A function in $\mathbb{R}^n$ is equal to its linearization in each point

Question

I have a function $P: \mathbb{R}^n \to \mathbb{R}^n$. This function satisfies: $$ P(\vec{x}) = J_P(\vec{x}) \cdot \vec{x}$$ where $\vec{x}\in \mathbb{R}^n$, $J_P$ is the Jacobian of $P$ and "$\cdot$" is the matrix-vector product. I would rougly describe it as in the title.

I guess that it is a well known property. Do you know what is its name? Can you suggest some literature about it, or any known property?

Also, I would like to to know about the symplectic equivalent: $$ P(\vec{x}) = -\Omega \cdot J_P(\vec{x}) \cdot \Omega \cdot \vec{x}$$ where $\Omega$ defines the symplectic form.

Answer 1

As for the symplectic case. Let $J$ be the symplectic matrix $J:=\left[ \matrix{ 0 & I_n \\ -I_n & 0 }\right]$. The characteristic lines for the (first order, linear, partial differential, vector) equation $$P(x)=-J \,{\rm d}P(x)J x, \qquad x\in\mathbb{R}^{2n}\setminus\{0\},$$ are the solutions of the ODE $\dot \xi=J\xi$, that is circles $\xi(t)=e^{tJ}x_0$. Along these characteristic lines, the equation is $\partial_t P(\xi(t))= {\rm d}P(\xi(t))J \xi(t)=JP(\xi(t))$, meaning that $P\circ \xi$ satisfies the same ODE, so that we have that $P(e^{tJ}x)=e^{tJ}P(x)$, for all $t\in\mathbb{R}$ and $x\in\mathbb{R}^{2n}\setminus\{0\}$, is a necessary and sufficient condition, for a differentiable map $P:\mathbb{R}^{2n}\setminus\{0\}\to\mathbb{R}^{2n}$, to satisfy your equation. We may use complex notation and identify $\mathbb{R}^{2n}$ with $\mathbb{C}^n$, $J$ with the multiplication by $-i$, and the operators $e^{tJ}$ with multiplication by the complex scalars of modulus $1$ (Warning: in doing so, we still consider real differentiability, not complex differentiability, i.e. the Fréchet differential ${\rm d}P(x)$ is an $\mathbb{R}$-linear map, not necessarily $\mathbb{C}$-linear, i.e. not assumed to commute with $J$). The condition then reads: $P$ is an equivariant map w.r.to the group action of $\mathbb{S}^1$:

$$P(\theta x)=\theta P(x)\quad\text{for all } x\in\mathbb{C}^n\setminus\{0\} \text{ and } \theta\in\mathbb{C} \text{ with } |\theta|=1.$$

for instance, in dimension $2$ (i.e. $n=1$) these differentiable maps $P:\mathbb{R}^2\setminus\{0\}\to\mathbb{R}^2$ are exactly those that in polar coordinates write as $P(r e^{it})=e^{it}\phi(r)$, where $\phi:\mathbb{R}_+\to\mathbb{R}$ is a differentiable map.
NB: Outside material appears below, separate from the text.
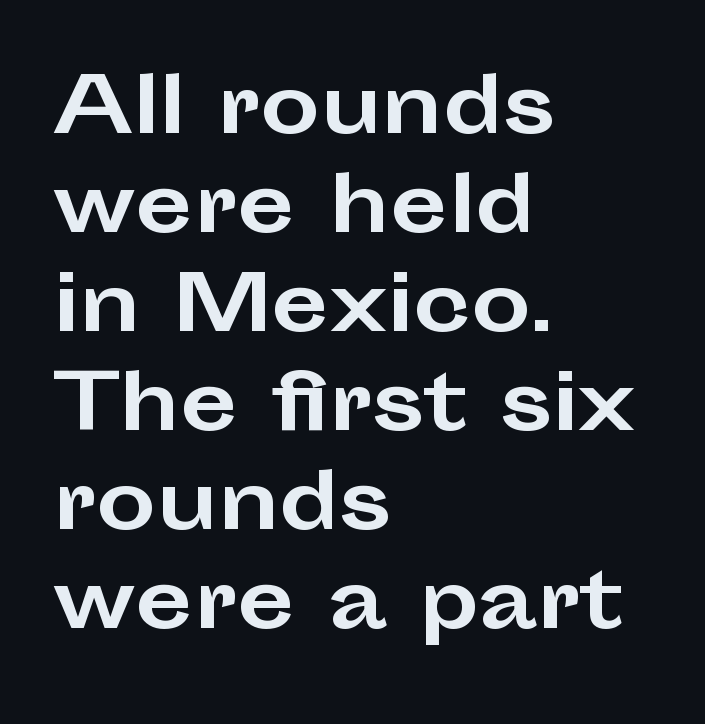
Vertical spacing — default. Notice how the passage keeps a crisp vertical edge on the left only. Standard letterfit; no display-style spreading of the glyphs. Rule under the text: the space is simply empty. I'd call this a sans setting — the letters go barefoot.
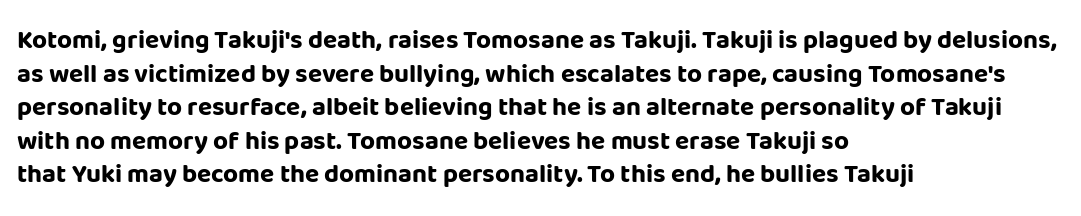
The image shows 26 px bold type, upright; set left-aligned, normal line spacing (1.29x), normal letter spacing, not underlined.

Rmk If one takes $J$ to be the identity map, and $P$ differentiable for any $x\ne0$, the same computation gives $P(tx)=tP(x)$ for all $t>0$ and $x\ne0$, that is, $P$ is (positively) homogeneous of degree $1$, (equivariant w.r.to the action of homoteties) If $P$ is also assumed to be defined and differentiable at $0$, this implies $P$ linear, as observed in comments.

Answer 2

Such functions are linear. In dimension $1$, your equation means $$P(x)=P'(x)x$$ Solving this differential equation we obtain $P(x)=cx$. Now in arbitrary dimension, your condition can be written as $$x_j\sum_j \partial P/\partial x_j=P$$ for each coordinate $P$, which means that $P$ is a homogeneous function of degree $1$, by Euler's theorem,

http://www.its.caltech.edu/~kcborder/Notes/EulerHomogeneity.pdf

Answer 3

I think this is the equation for a homogeneous degree one function; see "Euler's homogeneous function theorem".

If such a function is differentiable at the origin, then it has to be linear.